I have a site idea I came up with and am toying with right now, basically I am going to create a site to catalog all the scientific information I can find on various reptiles and climates. As many of you know I love facts, I love proof....heck I love science and the lack of scientific evidence and information provided by most posters on EVERY forum is astounding. My goal will be to simply give everyone a single reference point for solid scientific evidence about reptiles and reptile related topics.

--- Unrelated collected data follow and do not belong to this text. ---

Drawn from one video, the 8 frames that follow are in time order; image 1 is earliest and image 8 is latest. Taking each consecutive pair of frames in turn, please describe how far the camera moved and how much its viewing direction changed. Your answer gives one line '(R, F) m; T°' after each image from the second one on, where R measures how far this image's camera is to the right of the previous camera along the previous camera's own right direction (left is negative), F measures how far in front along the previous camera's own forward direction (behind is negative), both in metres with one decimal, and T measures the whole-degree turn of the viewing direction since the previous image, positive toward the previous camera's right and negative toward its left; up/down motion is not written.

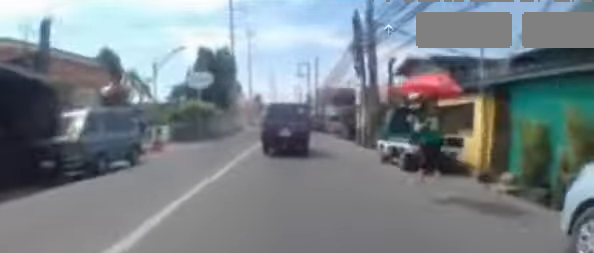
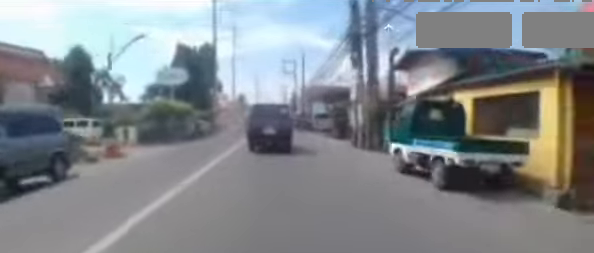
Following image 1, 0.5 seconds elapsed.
(-0.1, +2.7) m; -1°
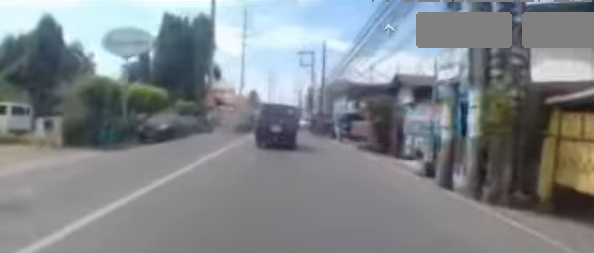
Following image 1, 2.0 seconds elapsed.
(0.0, +9.1) m; +1°
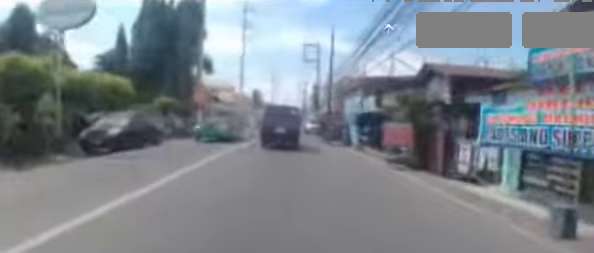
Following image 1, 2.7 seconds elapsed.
(+0.1, +4.8) m; +1°
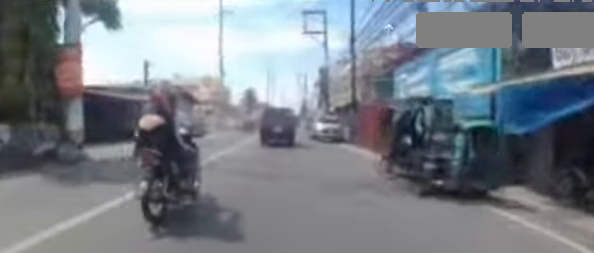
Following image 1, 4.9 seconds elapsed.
(+0.1, +14.6) m; +1°
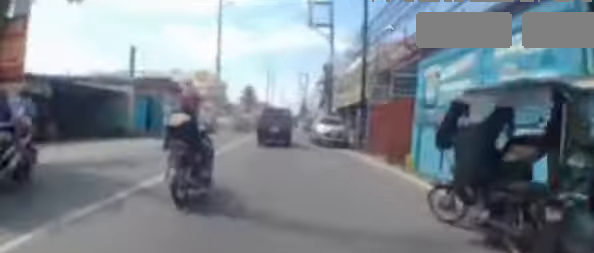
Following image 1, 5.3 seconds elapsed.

I am going to gather as much information as I can myself but their may come a time when I need someone to scan an old article from reptiles mag or provide any scientific studies they have or whatnot, anyway what do you guys think?


----------



## crimsonrazac (Apr 3, 2009)

It would be nice if you could get accuate info. I think it would take quite a while to get all the info for multiple speicies.


----------



## Tux (Apr 3, 2009)

Yes it will take a great deal of effort on my part to get all the scientific studies to put on the site and to keep updating the site but I want this not only for everyone out there to be able to reference but also for my own needs of being able to reference solid sources when posting and writing. The point is that it will be a resource for scientific studies and articles which are accurate and verifiable unlike your typical care sheet or blog post.


----------



## dragonqueen4 (Apr 3, 2009)

sounds like a good idea to me... :app go for it, i'll be your sites #1 fan :-D


----------



## ashesc212 (Apr 4, 2009)

That's a great idea. Let us know what you need.


----------



## Suzanne (May 26, 2009)

I think it's a good idea. There is a lot of misinformation out there especially when it come to reptiles. I think you should do it.


----------